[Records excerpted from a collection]
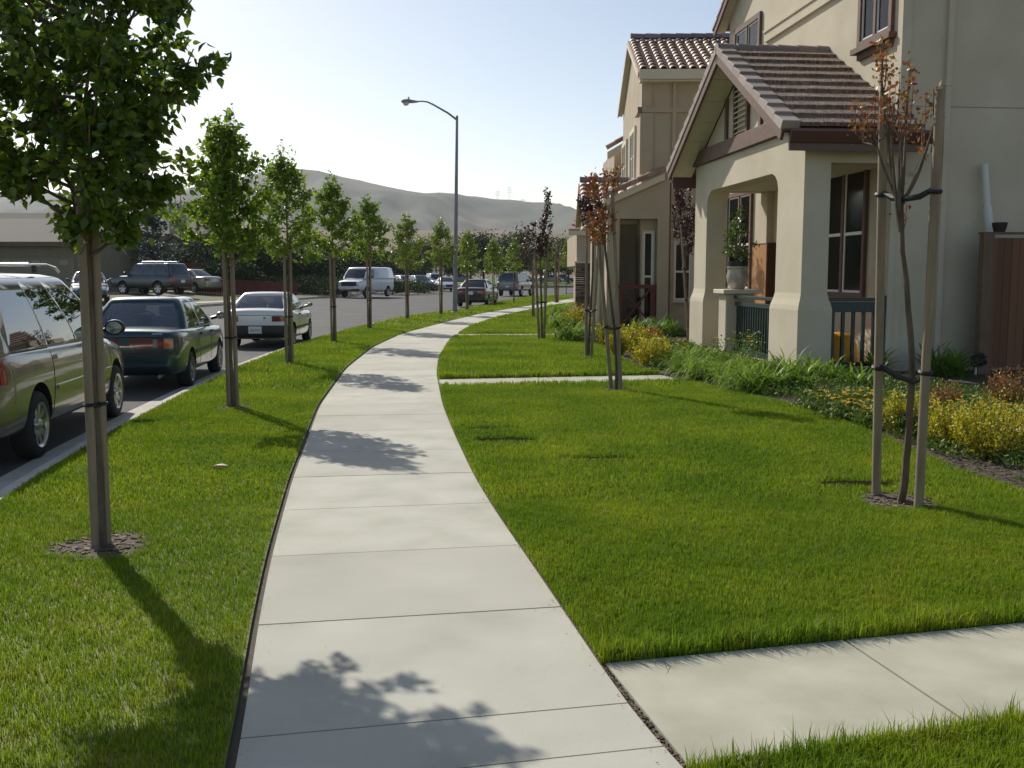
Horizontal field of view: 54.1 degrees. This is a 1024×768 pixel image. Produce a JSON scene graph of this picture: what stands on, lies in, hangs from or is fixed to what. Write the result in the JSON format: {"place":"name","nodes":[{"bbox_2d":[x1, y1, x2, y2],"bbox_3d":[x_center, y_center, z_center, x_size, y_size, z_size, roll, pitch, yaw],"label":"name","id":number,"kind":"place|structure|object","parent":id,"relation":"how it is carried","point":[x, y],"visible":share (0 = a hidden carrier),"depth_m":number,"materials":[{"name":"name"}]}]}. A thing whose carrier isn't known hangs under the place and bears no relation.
{"place":"outdoors","nodes":[
{"label":"outdoors","id":0,"kind":"place"},
{"bbox_2d":[110,291,236,302],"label":"driveway","id":1,"kind":"structure","parent":0,"point":[196,302],"depth_m":58.01,"materials":[{"name":"grey asphalt"}]},
{"bbox_2d":[110,261,192,294],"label":"sport utility vehicle","id":2,"kind":"object","parent":1,"relation":"on","point":[144,278],"visible":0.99,"depth_m":59.72,"materials":[{"name":"black paint"}]},
{"bbox_2d":[102,288,362,308],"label":"front yards","id":3,"kind":"structure","parent":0,"point":[195,297],"depth_m":63.19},
{"bbox_2d":[0,219,138,292],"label":"house","id":4,"kind":"structure","parent":3,"relation":"on","point":[30,240],"depth_m":61.57,"materials":[{"name":"beige paint"}]},
{"bbox_2d":[0,258,74,288],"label":"garage door","id":5,"kind":"structure","parent":4,"relation":"in","point":[66,266],"depth_m":61.53,"materials":[{"name":"brown"}]},
{"bbox_2d":[66,272,111,302],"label":"sedan","id":6,"kind":"object","parent":3,"relation":"on","point":[74,286],"visible":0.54,"depth_m":48.35,"materials":[{"name":"grey paint"}]},
{"bbox_2d":[128,209,180,291],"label":"conifer","id":7,"kind":"object","parent":3,"relation":"on","point":[160,245],"visible":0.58,"depth_m":69.16,"materials":[{"name":"green plant"}]},
{"bbox_2d":[143,187,221,261],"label":"tree","id":8,"kind":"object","parent":3,"relation":"on","point":[174,237],"depth_m":85.36,"materials":[{"name":"plant"}]},
{"bbox_2d":[164,269,221,292],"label":"sedan","id":9,"kind":"object","parent":3,"relation":"on","point":[202,279],"visible":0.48,"depth_m":65.47,"materials":[{"name":"beige paint"}]},
{"bbox_2d":[162,228,261,267],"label":"background tree","id":10,"kind":"object","parent":3,"relation":"on","point":[184,257],"visible":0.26,"depth_m":77.80,"materials":[{"name":"green plant"}]},
{"bbox_2d":[188,257,274,290],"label":"hedge","id":11,"kind":"object","parent":3,"relation":"on","point":[247,272],"visible":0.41,"depth_m":72.62,"materials":[{"name":"green plant"}]},
{"bbox_2d":[191,239,282,289],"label":"background tree","id":12,"kind":"object","parent":3,"relation":"on","point":[266,260],"visible":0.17,"depth_m":78.09,"materials":[{"name":"green plant"}]},
{"bbox_2d":[196,279,296,295],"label":"fence","id":13,"kind":"object","parent":3,"relation":"on","point":[242,286],"visible":0.43,"depth_m":66.75,"materials":[{"name":"red paint"}]},
{"bbox_2d":[240,237,331,290],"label":"background tree","id":14,"kind":"object","parent":3,"relation":"on","point":[302,271],"visible":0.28,"depth_m":79.99,"materials":[{"name":"green plant"}]},
{"bbox_2d":[279,272,343,294],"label":"hedge bush","id":15,"kind":"object","parent":3,"relation":"on","point":[315,286],"visible":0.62,"depth_m":76.07,"materials":[{"name":"green plant"}]},
{"bbox_2d":[271,241,364,291],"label":"background tree","id":16,"kind":"object","parent":3,"relation":"on","point":[342,270],"visible":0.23,"depth_m":82.85,"materials":[{"name":"green plant"}]},
{"bbox_2d":[0,294,573,767],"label":"verge lawn","id":17,"kind":"structure","parent":0,"point":[168,694],"depth_m":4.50,"materials":[{"name":"green plant"}]},
{"bbox_2d":[0,0,231,547],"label":"street tree","id":18,"kind":"object","parent":17,"relation":"on","point":[124,130],"visible":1,"depth_m":5.96,"materials":[{"name":"green plant"}]},
{"bbox_2d":[1,387,327,502],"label":"grass","id":19,"kind":"structure","parent":17,"relation":"on","point":[171,417],"depth_m":9.73,"materials":[{"name":"green plant"}]},
{"bbox_2d":[162,103,284,406],"bbox_3d":[-3.645,-1.603,12.902,1.399,3.950,1.477,2,7,19],"label":"street tree","id":20,"kind":"object","parent":17,"relation":"on","point":[218,177],"visible":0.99,"depth_m":12.70,"materials":[{"name":"green plant"}]},
{"bbox_2d":[246,139,319,362],"bbox_3d":[-4.436,-2.503,19.357,1.448,4.340,1.294,0,6,0],"label":"street tree","id":21,"kind":"object","parent":17,"relation":"on","point":[283,174],"visible":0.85,"depth_m":19.23,"materials":[{"name":"green plant"}]},
{"bbox_2d":[193,324,428,388],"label":"grass","id":22,"kind":"structure","parent":17,"relation":"on","point":[358,340],"depth_m":19.52,"materials":[{"name":"green plant"}]},
{"bbox_2d":[304,170,366,341],"bbox_3d":[-4.506,-3.202,25.480,1.684,4.402,1.516,1,6,12],"label":"street tree","id":23,"kind":"object","parent":17,"relation":"on","point":[337,210],"visible":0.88,"depth_m":25.35,"materials":[{"name":"green plant"}]},
{"bbox_2d":[348,194,394,327],"bbox_3d":[-4.503,-3.865,31.899,1.679,4.330,1.592,0,6,0],"label":"street tree","id":24,"kind":"object","parent":17,"relation":"on","point":[373,223],"visible":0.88,"depth_m":31.69,"materials":[{"name":"green plant"}]},
{"bbox_2d":[388,211,426,318],"bbox_3d":[-4.154,-4.544,38.685,1.501,4.209,1.632,2,6,16],"label":"street tree","id":25,"kind":"object","parent":17,"relation":"on","point":[406,227],"visible":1,"depth_m":38.62,"materials":[{"name":"green plant"}]},
{"bbox_2d":[401,97,458,311],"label":"street lamp","id":26,"kind":"object","parent":17,"relation":"on","point":[405,102],"visible":0.88,"depth_m":45.52,"materials":[{"name":"metal"}]},
{"bbox_2d":[424,217,459,313],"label":"street tree","id":27,"kind":"object","parent":17,"relation":"on","point":[440,232],"visible":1,"depth_m":43.78,"materials":[{"name":"green plant"}]},
{"bbox_2d":[450,229,484,308],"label":"street tree","id":28,"kind":"object","parent":17,"relation":"on","point":[466,251],"visible":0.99,"depth_m":49.18,"materials":[{"name":"green plant"}]},
{"bbox_2d":[364,295,573,325],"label":"grass","id":29,"kind":"structure","parent":17,"relation":"on","point":[436,317],"depth_m":44.89,"materials":[{"name":"green plant"}]},
{"bbox_2d":[481,236,505,304],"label":"street tree","id":30,"kind":"object","parent":17,"relation":"on","point":[491,251],"visible":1,"depth_m":55.12,"materials":[{"name":"green plant"}]},
{"bbox_2d":[504,237,523,302],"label":"street tree","id":31,"kind":"object","parent":17,"relation":"on","point":[514,255],"visible":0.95,"depth_m":60.20,"materials":[{"name":"green plant"}]},
{"bbox_2d":[39,341,1023,559],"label":"bark mulch","id":32,"kind":"object","parent":17,"relation":"on","point":[885,501],"visible":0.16,"depth_m":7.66,"materials":[{"name":"brown wood"}]},
{"bbox_2d":[581,163,623,389],"bbox_3d":[1.351,-1.559,14.888,0.659,3.438,0.852,0,6,0],"label":"ornamental tree","id":33,"kind":"object","parent":32,"relation":"on","point":[600,213],"visible":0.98,"depth_m":14.87,"materials":[{"name":"brown plant"}]},
{"bbox_2d":[847,35,944,507],"bbox_3d":[2.833,-0.779,7.458,0.714,3.495,0.700,0,6,0],"label":"ornamental tree","id":34,"kind":"object","parent":32,"relation":"on","point":[900,199],"visible":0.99,"depth_m":7.40,"materials":[{"name":"brown plant"}]},
{"bbox_2d":[0,290,573,476],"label":"road","id":35,"kind":"structure","parent":0,"point":[351,310],"depth_m":29.65,"materials":[{"name":"grey asphalt"}]},
{"bbox_2d":[0,262,125,458],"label":"minivan","id":36,"kind":"object","parent":35,"relation":"on","point":[41,375],"visible":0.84,"depth_m":10.59,"materials":[{"name":"grey paint"}]},
{"bbox_2d":[102,296,223,385],"bbox_3d":[-6.381,-0.836,18.078,2.039,1.503,4.452,-1,6,-6],"label":"sedan","id":37,"kind":"object","parent":35,"relation":"on","point":[181,337],"visible":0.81,"depth_m":17.02,"materials":[{"name":"teal paint"}]},
{"bbox_2d":[231,291,312,345],"bbox_3d":[-6.592,-1.828,27.524,1.956,1.427,4.135,0,6,-1],"label":"sedan","id":38,"kind":"object","parent":35,"relation":"on","point":[259,315],"visible":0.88,"depth_m":25.77,"materials":[{"name":"white paint"}]},
{"bbox_2d":[338,267,393,296],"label":"van","id":39,"kind":"object","parent":35,"relation":"on","point":[354,278],"visible":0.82,"depth_m":75.77,"materials":[{"name":"white paint"}]},
{"bbox_2d":[457,279,498,306],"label":"sedan","id":40,"kind":"object","parent":35,"relation":"on","point":[479,290],"visible":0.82,"depth_m":57.64,"materials":[{"name":"black paint"}]},
{"bbox_2d":[497,272,531,295],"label":"sport utility vehicle","id":41,"kind":"object","parent":35,"relation":"on","point":[505,282],"visible":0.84,"depth_m":86.03,"materials":[{"name":"grey metal"}]},
{"bbox_2d":[0,169,575,231],"bbox_3d":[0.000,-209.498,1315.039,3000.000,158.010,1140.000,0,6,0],"label":"hills","id":42,"kind":"structure","parent":0,"point":[426,211],"depth_m":1260.40,"materials":[{"name":"grey plant"}]},
{"bbox_2d":[0,0,729,208],"label":"sky","id":43,"kind":"structure","parent":0,"point":[533,87],"materials":[{"name":"blue"}]},
{"bbox_2d":[241,225,573,276],"bbox_3d":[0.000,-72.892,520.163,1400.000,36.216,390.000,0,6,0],"label":"foothill","id":44,"kind":"structure","parent":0,"point":[426,234],"depth_m":525.17,"materials":[{"name":"green plant"}]},
{"bbox_2d":[225,299,685,767],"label":"sidewalk bedding","id":45,"kind":"object","parent":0,"point":[231,760],"visible":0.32,"depth_m":5.16,"materials":[{"name":"brown soil"}]},
{"bbox_2d":[603,668,688,767],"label":"bark mulch","id":46,"kind":"object","parent":45,"relation":"on","point":[630,702],"visible":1,"depth_m":3.96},
{"bbox_2d":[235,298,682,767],"bbox_3d":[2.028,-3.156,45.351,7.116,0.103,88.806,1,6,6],"label":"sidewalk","id":47,"kind":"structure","parent":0,"point":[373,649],"depth_m":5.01,"materials":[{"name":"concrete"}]},
{"bbox_2d":[444,276,573,286],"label":"park lawn","id":48,"kind":"structure","parent":0,"point":[549,284],"depth_m":178.84,"materials":[{"name":"green plant"}]},
{"bbox_2d":[385,235,442,274],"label":"park tree","id":49,"kind":"object","parent":48,"relation":"on","point":[427,265],"visible":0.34,"depth_m":137.78,"materials":[{"name":"green plant"}]},
{"bbox_2d":[449,230,500,278],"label":"park tree","id":50,"kind":"object","parent":48,"relation":"on","point":[482,252],"visible":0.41,"depth_m":147.72,"materials":[{"name":"green plant"}]},
{"bbox_2d":[493,225,538,271],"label":"park tree","id":51,"kind":"object","parent":48,"relation":"on","point":[505,244],"visible":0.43,"depth_m":148.12,"materials":[{"name":"green plant"}]},
{"bbox_2d":[473,302,574,324],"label":"grass","id":52,"kind":"structure","parent":0,"point":[517,317],"depth_m":38.93,"materials":[{"name":"green plant"}]},
{"bbox_2d":[439,375,678,385],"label":"walkway","id":53,"kind":"structure","parent":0,"point":[552,379],"depth_m":16.64,"materials":[{"name":"concrete"}]},
{"bbox_2d":[437,319,709,386],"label":"lawn","id":54,"kind":"structure","parent":0,"point":[524,364],"depth_m":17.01,"materials":[{"name":"green plant"}]},
{"bbox_2d":[515,221,543,316],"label":"ornamental tree","id":55,"kind":"object","parent":54,"relation":"on","point":[531,265],"visible":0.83,"depth_m":40.63,"materials":[{"name":"brown plant"}]},
{"bbox_2d":[528,187,553,338],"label":"ornamental tree","id":56,"kind":"object","parent":54,"relation":"on","point":[544,235],"visible":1,"depth_m":26.58,"materials":[{"name":"brown plant"}]},
{"bbox_2d":[436,367,661,378],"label":"grass","id":57,"kind":"structure","parent":54,"relation":"on","point":[500,374],"depth_m":17.07,"materials":[{"name":"green plant"}]},
{"bbox_2d":[576,194,605,356],"bbox_3d":[1.623,-2.225,20.913,0.612,3.454,0.622,-2,6,-15],"label":"ornamental tree","id":58,"kind":"object","parent":54,"relation":"on","point":[588,347],"visible":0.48,"depth_m":20.90,"materials":[{"name":"brown plant"}]},
{"bbox_2d":[211,286,1022,662],"bbox_3d":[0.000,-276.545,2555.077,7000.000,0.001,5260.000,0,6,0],"label":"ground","id":59,"kind":"structure","parent":0,"point":[789,644],"depth_m":5.70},
{"bbox_2d":[0,293,573,498],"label":"kerb","id":60,"kind":"structure","parent":59,"relation":"on","point":[18,476],"depth_m":10.68,"materials":[{"name":"concrete"}]},
{"bbox_2d":[463,391,1023,767],"bbox_3d":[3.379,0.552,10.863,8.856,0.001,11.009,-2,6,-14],"label":"lawn","id":61,"kind":"structure","parent":0,"point":[739,548],"depth_m":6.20,"materials":[{"name":"green plant"}]},
{"bbox_2d":[469,427,894,486],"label":"bare soil","id":62,"kind":"structure","parent":61,"relation":"on","point":[868,483],"depth_m":9.39,"materials":[{"name":"brown soil"}]},
{"bbox_2d":[440,383,1023,501],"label":"grass","id":63,"kind":"structure","parent":61,"relation":"on","point":[697,411],"depth_m":9.88,"materials":[{"name":"green plant"}]},
{"bbox_2d":[584,590,1023,663],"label":"grass","id":64,"kind":"structure","parent":61,"relation":"on","point":[921,616],"depth_m":4.77,"materials":[{"name":"green plant"}]},
{"bbox_2d":[550,305,1023,488],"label":"planting bed","id":65,"kind":"object","parent":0,"point":[970,379],"visible":0.19,"depth_m":11.41,"materials":[{"name":"soil"}]},
{"bbox_2d":[534,319,594,341],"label":"daylily clump","id":66,"kind":"object","parent":65,"relation":"on","point":[571,334],"visible":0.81,"depth_m":25.98,"materials":[{"name":"green plant"}]},
{"bbox_2d":[567,136,622,307],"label":"house","id":67,"kind":"structure","parent":65,"relation":"on","point":[576,251],"depth_m":51.66,"materials":[{"name":"beige paint"}]},
{"bbox_2d":[621,319,653,353],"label":"golden shrub","id":68,"kind":"object","parent":65,"relation":"on","point":[633,334],"visible":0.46,"depth_m":21.87,"materials":[{"name":"yellow plant"}]},
{"bbox_2d":[631,331,671,366],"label":"golden shrub","id":69,"kind":"object","parent":65,"relation":"on","point":[650,353],"visible":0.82,"depth_m":18.56,"materials":[{"name":"yellow plant"}]},
{"bbox_2d":[575,33,729,329],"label":"house","id":70,"kind":"structure","parent":65,"relation":"on","point":[661,80],"depth_m":31.23,"materials":[{"name":"beige paint"}]},
{"bbox_2d":[628,125,636,188],"bbox_3d":[4.014,-7.483,33.666,0.170,2.080,2.020,0,6,1],"label":"window","id":71,"kind":"structure","parent":70,"relation":"in","point":[632,135],"depth_m":33.54,"materials":[{"name":"white plastic"}]},
{"bbox_2d":[641,230,654,321],"bbox_3d":[4.252,-3.370,31.414,0.392,2.850,0.094,0,6,1],"label":"window","id":72,"kind":"structure","parent":70,"relation":"in","point":[648,236],"depth_m":31.38,"materials":[{"name":"grey glass"}]},
{"bbox_2d":[673,240,694,302],"bbox_3d":[5.628,-3.515,31.362,1.280,1.930,0.094,0,6,1],"label":"window","id":73,"kind":"structure","parent":70,"relation":"in","point":[678,284],"depth_m":31.37,"materials":[{"name":"glass"}]},
{"bbox_2d":[642,349,720,374],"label":"daylily clump","id":74,"kind":"object","parent":65,"relation":"on","point":[674,369],"visible":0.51,"depth_m":17.45,"materials":[{"name":"green plant"}]},
{"bbox_2d":[671,188,695,340],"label":"ornamental tree","id":75,"kind":"object","parent":65,"relation":"on","point":[687,230],"visible":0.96,"depth_m":25.92,"materials":[{"name":"brown plant"}]},
{"bbox_2d":[663,352,738,381],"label":"daylily clump","id":76,"kind":"object","parent":65,"relation":"on","point":[691,366],"visible":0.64,"depth_m":16.48,"materials":[{"name":"green plant"}]},
{"bbox_2d":[684,354,758,382],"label":"daylily clump","id":77,"kind":"object","parent":65,"relation":"on","point":[711,370],"visible":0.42,"depth_m":16.16,"materials":[{"name":"green plant"}]},
{"bbox_2d":[691,359,770,387],"bbox_3d":[3.497,-0.198,15.540,1.448,0.464,1.262,-2,6,-17],"label":"daylily clump","id":78,"kind":"object","parent":65,"relation":"on","point":[719,378],"visible":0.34,"depth_m":15.45,"materials":[{"name":"green plant"}]},
{"bbox_2d":[700,363,798,393],"bbox_3d":[3.536,-0.108,14.841,1.469,0.437,1.349,2,7,21],"label":"daylily clump","id":79,"kind":"object","parent":65,"relation":"on","point":[744,381],"visible":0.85,"depth_m":14.69,"materials":[{"name":"green plant"}]},
{"bbox_2d":[745,355,808,390],"bbox_3d":[3.856,-0.174,14.886,1.088,0.558,1.286,0,6,0],"label":"agapanthus clump","id":80,"kind":"object","parent":65,"relation":"on","point":[785,371],"visible":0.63,"depth_m":14.77,"materials":[{"name":"green plant"}]},
{"bbox_2d":[761,345,809,375],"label":"agapanthus clump","id":81,"kind":"object","parent":65,"relation":"on","point":[785,362],"visible":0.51,"depth_m":16.52,"materials":[{"name":"green plant"}]},
{"bbox_2d":[557,320,1023,481],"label":"ground cover","id":82,"kind":"object","parent":65,"relation":"on","point":[887,386],"visible":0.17,"depth_m":14.24,"materials":[{"name":"green plant"}]},
{"bbox_2d":[582,325,1022,438],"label":"foliage","id":83,"kind":"object","parent":65,"relation":"on","point":[826,407],"visible":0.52,"depth_m":12.24,"materials":[{"name":"green plant"}]},
{"bbox_2d":[779,363,825,391],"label":"agapanthus clump","id":84,"kind":"object","parent":65,"relation":"on","point":[805,377],"visible":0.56,"depth_m":14.77,"materials":[{"name":"green plant"}]},
{"bbox_2d":[796,350,865,384],"bbox_3d":[5.046,-0.253,15.679,1.032,0.544,1.243,-4,8,-34],"label":"agapanthus clump","id":85,"kind":"object","parent":65,"relation":"on","point":[829,370],"visible":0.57,"depth_m":15.70,"materials":[{"name":"green plant"}]},
{"bbox_2d":[666,0,1023,371],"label":"house","id":86,"kind":"structure","parent":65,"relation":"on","point":[765,138],"depth_m":17.92,"materials":[{"name":"beige paint"}]},
{"bbox_2d":[725,193,753,288],"bbox_3d":[5.872,-3.669,25.956,0.094,2.559,1.930,-1,6,-6],"label":"window","id":87,"kind":"structure","parent":86,"relation":"in","point":[734,202],"depth_m":25.53,"materials":[{"name":"black glass"}]},
{"bbox_2d":[722,203,759,288],"bbox_3d":[4.833,-2.966,21.604,0.781,1.837,0.932,6,9,45],"label":"potted plant","id":88,"kind":"object","parent":86,"relation":"on","point":[737,276],"visible":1,"depth_m":21.50,"materials":[{"name":"green plant"}]},
{"bbox_2d":[733,11,762,44],"bbox_3d":[5.862,-7.943,25.208,0.170,2.283,2.159,-1,6,-6],"label":"window","id":89,"kind":"structure","parent":86,"relation":"in","point":[750,32],"depth_m":24.87,"materials":[{"name":"brown plastic"}]},
{"bbox_2d":[751,243,775,303],"bbox_3d":[5.991,-2.100,23.596,0.485,2.400,1.000,-1,6,-6],"label":"storage cabinet","id":90,"kind":"object","parent":86,"relation":"attached to","point":[763,266],"visible":0.2,"depth_m":23.14,"materials":[{"name":"orange wood"}]},
{"bbox_2d":[827,170,869,297],"bbox_3d":[6.524,-3.020,19.764,0.094,2.612,2.035,-1,6,-6],"label":"window","id":91,"kind":"structure","parent":86,"relation":"in","point":[849,194],"depth_m":19.53,"materials":[{"name":"black glass"}]},
{"bbox_2d":[850,0,896,61],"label":"window","id":92,"kind":"structure","parent":86,"relation":"in","point":[875,18],"depth_m":18.31,"materials":[{"name":"brown plastic"}]},
{"bbox_2d":[981,163,992,231],"bbox_3d":[8.392,-3.080,17.656,0.329,1.577,0.149,1,6,9],"label":"leaning pipe","id":93,"kind":"object","parent":86,"relation":"attached to","point":[988,214],"visible":0.8,"depth_m":17.60,"materials":[{"name":"grey plastic"}]},
{"bbox_2d":[829,360,891,387],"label":"agapanthus clump","id":94,"kind":"object","parent":65,"relation":"on","point":[854,378],"visible":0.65,"depth_m":14.99,"materials":[{"name":"green plant"}]},
{"bbox_2d":[871,386,930,432],"bbox_3d":[4.217,0.299,10.882,0.616,0.556,0.589,0,6,0],"label":"golden shrub","id":95,"kind":"object","parent":65,"relation":"on","point":[893,406],"visible":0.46,"depth_m":10.82,"materials":[{"name":"yellow plant"}]},
{"bbox_2d":[896,341,973,375],"bbox_3d":[7.261,-0.439,17.167,1.422,0.591,1.539,0,6,0],"label":"agapanthus clump","id":96,"kind":"object","parent":65,"relation":"on","point":[934,364],"visible":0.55,"depth_m":17.12,"materials":[{"name":"green plant"}]},
{"bbox_2d":[929,380,963,404],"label":"copper shrub","id":97,"kind":"object","parent":65,"relation":"on","point":[941,394],"visible":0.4,"depth_m":12.36,"materials":[{"name":"brown plant"}]},
{"bbox_2d":[915,394,989,448],"bbox_3d":[4.370,0.384,9.990,0.658,0.582,0.707,5,8,38],"label":"golden shrub","id":98,"kind":"object","parent":65,"relation":"on","point":[942,429],"visible":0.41,"depth_m":9.99,"materials":[{"name":"yellow plant"}]},
{"bbox_2d":[931,344,989,377],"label":"agapanthus clump","id":99,"kind":"object","parent":65,"relation":"on","point":[957,370],"visible":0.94,"depth_m":16.87,"materials":[{"name":"green plant"}]},
{"bbox_2d":[945,389,1023,460],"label":"golden shrub","id":100,"kind":"object","parent":65,"relation":"on","point":[977,437],"visible":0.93,"depth_m":9.34,"materials":[{"name":"yellow plant"}]},
{"bbox_2d":[973,232,1023,373],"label":"wooden gate","id":101,"kind":"structure","parent":65,"relation":"on","point":[999,332],"depth_m":17.40,"materials":[{"name":"brown wood"}]},
{"bbox_2d":[979,365,1023,404],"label":"copper shrub","id":102,"kind":"object","parent":65,"relation":"on","point":[1013,391],"visible":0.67,"depth_m":12.35,"materials":[{"name":"brown plant"}]},
{"bbox_2d":[606,622,1023,766],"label":"walkway","id":103,"kind":"structure","parent":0,"point":[720,699],"depth_m":4.24,"materials":[{"name":"concrete"}]},
{"bbox_2d":[833,332,858,367],"bbox_3d":[5.860,-0.636,18.318,0.990,0.630,0.740,-2,7,-20],"label":"toy play tub","id":104,"kind":"object","parent":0,"point":[846,346],"visible":0.27,"depth_m":18.07,"materials":[{"name":"orange plastic"}]},
{"bbox_2d":[714,724,1022,767],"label":"lawn","id":105,"kind":"structure","parent":0,"point":[914,753],"depth_m":3.64,"materials":[{"name":"green plant"}]},
{"bbox_2d":[685,692,1023,767],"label":"grass","id":106,"kind":"structure","parent":105,"relation":"on","point":[1011,708],"depth_m":3.68,"materials":[{"name":"green plant"}]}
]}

#### WORK REQUIRED:
Count the lines of the data above where the string "grey" shows up; reply with the number only.

#### TASK RESPONSE:
8